━━━ INFORMATION SHOWN
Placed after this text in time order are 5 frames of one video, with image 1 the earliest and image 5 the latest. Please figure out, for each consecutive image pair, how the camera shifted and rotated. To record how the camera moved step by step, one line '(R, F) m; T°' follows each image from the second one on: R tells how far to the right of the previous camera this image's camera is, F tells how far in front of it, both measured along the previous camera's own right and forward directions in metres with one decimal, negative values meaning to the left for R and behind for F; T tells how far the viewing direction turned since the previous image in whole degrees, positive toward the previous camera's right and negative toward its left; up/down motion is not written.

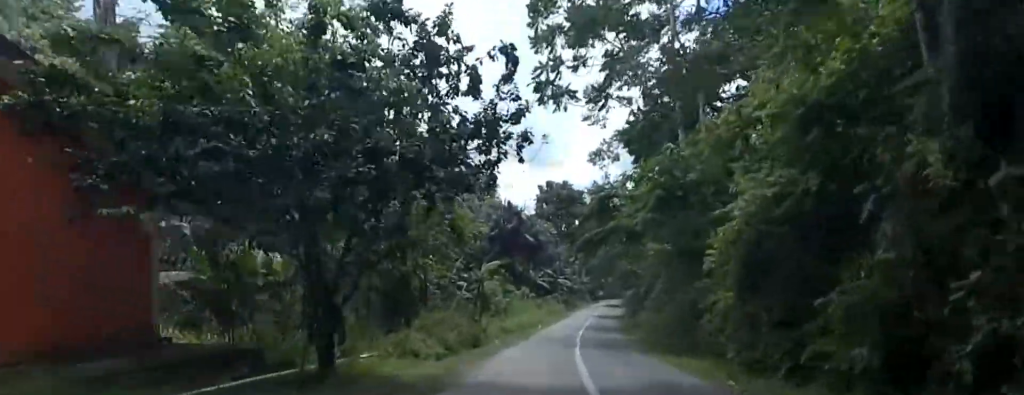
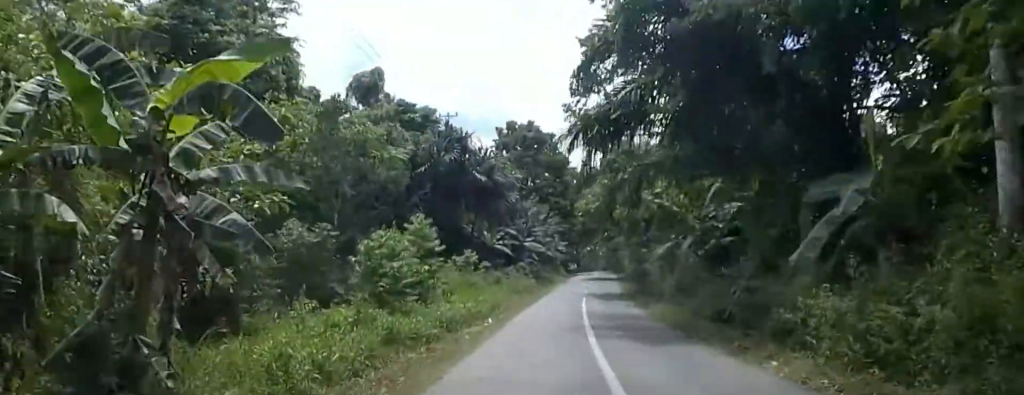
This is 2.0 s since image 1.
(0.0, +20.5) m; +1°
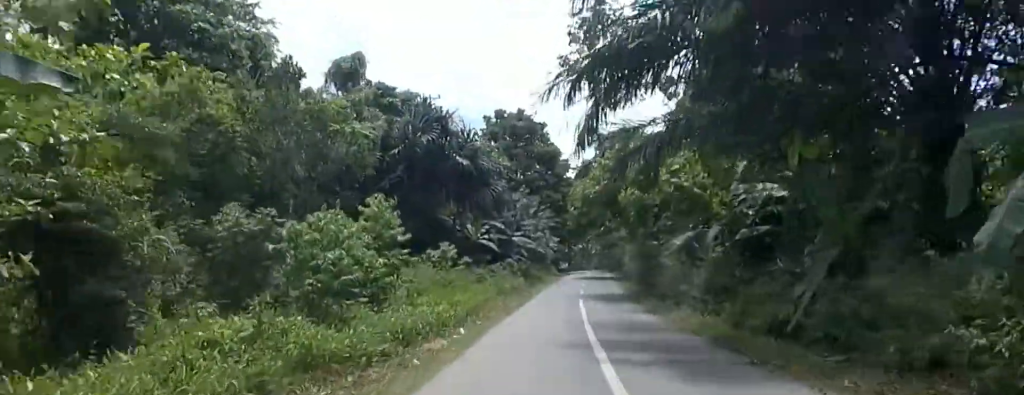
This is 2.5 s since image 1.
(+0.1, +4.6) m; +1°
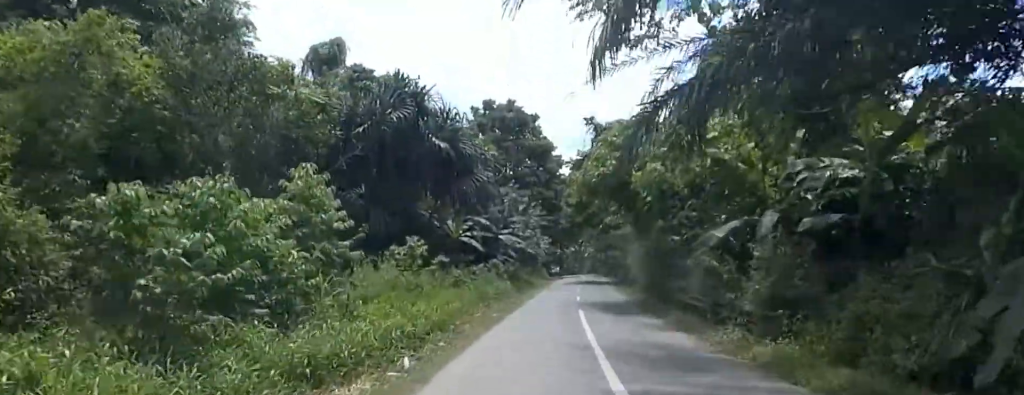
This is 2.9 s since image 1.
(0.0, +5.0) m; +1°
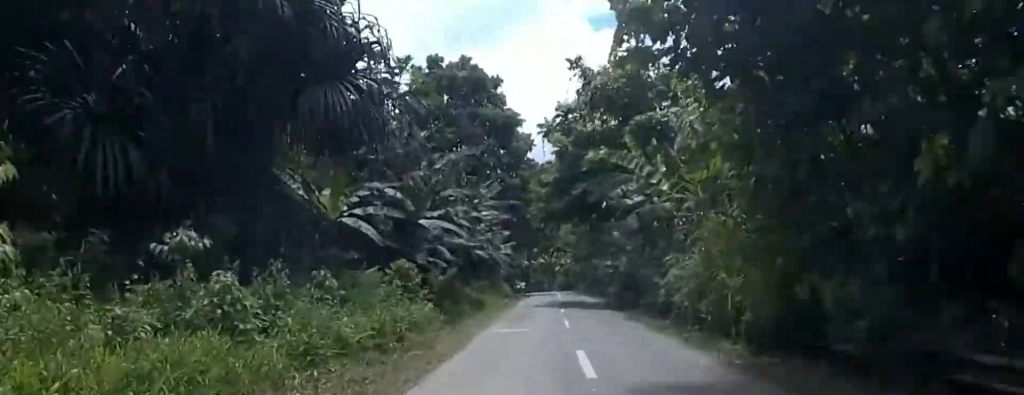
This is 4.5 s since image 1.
━━━━━━
* TASK STATEMENT: Lines from the one with "This is 2.0 s since image 1." through the final line of the records are the whole answer; print them exactly, minus any pictures.

* RESPONSE AREA:
This is 2.0 s since image 1.
(0.0, +20.5) m; +1°
This is 2.5 s since image 1.
(+0.1, +4.6) m; +1°
This is 2.9 s since image 1.
(0.0, +5.0) m; +1°
This is 4.5 s since image 1.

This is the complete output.